2 hours ago, Lorin Millsap said:

If you think this is a good explanation and approach I can add it to my original post.

This is application and expansion card dependent, so I don't see a need to be too prescriptive. The main requirement is that every DMA controller needs a "DMA enable" register whose reset state is disabled. DMA controllers may take the bus only when enabled and software may enable only one DMA controller at a time. The application can decide on enable scheduling in multi-controller situations. The main point expansion card designers need to know is that multi-controller arbitration is software, not hardware controlled.

I still say using SYNC is better than using /ML. It costs the same and avoids adding restrictions like "don't access Vera auto-increment registers if a DMA controller is enabled".

2 hours ago, Lorin Millsap said:

the CPU clock is cleaned up so you always get nice square waves

That's a nice improvement over proto#2.

neutrino · Post by **neutrino** » Wed Oct 19, 2022 10:53 pm

It might be necessary to make difference between DMA and Bus Mastering.
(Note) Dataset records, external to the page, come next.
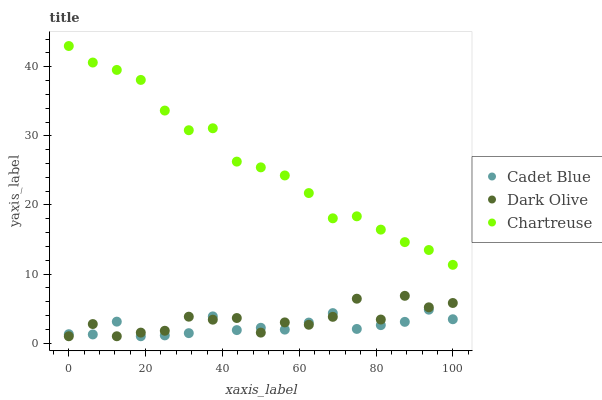
| xaxis_label | Cadet Blue | Dark Olive | Chartreuse |
 | --- | --- | --- | --- |
 | 0 | 1.3 | 1 | 43 |
 | 6.25 | 1.26 | 2.77 | 40.6 |
 | 12.5 | 3.11 | 1 | 39.5 |
 | 18.8 | 1 | 1.53 | 38.1 |
 | 25 | 1.13 | 1.79 | 33.7 |
 | 31.2 | 1.45 | 3.83 | 30.8 |
 | 37.5 | 3.87 | 3.4 | 31.1 |
 | 43.8 | 1.89 | 3.64 | 26.3 |
 | 50 | 2.22 | 1.53 | 25.4 |
 | 56.2 | 1.96 | 3 | 24.3 |
 | 62.5 | 2.98 | 2.66 | 21.7 |
 | 68.8 | 4.35 | 3.81 | 18.1 |
 | 75 | 2.06 | 6.43 | 18.4 |
 | 81.2 | 2.61 | 3.42 | 16.4 |
 | 87.5 | 3.08 | 6.85 | 14.6 |
 | 93.8 | 4.84 | 5.19 | 13.5 |
 | 100 | 3.46 | 5.81 | 11.3 |

DMA enables transfers faster than the CPU. And Bus Mastering enables a device to take over the computer completely provided DRAM refresh etc is alright. With an onboard DMA, devices won't need to replicate this functionality and can be made simpler.

Another option is to have bus mastering available and an add-on card that upon software commands disables the CPU, transfers data and then release control.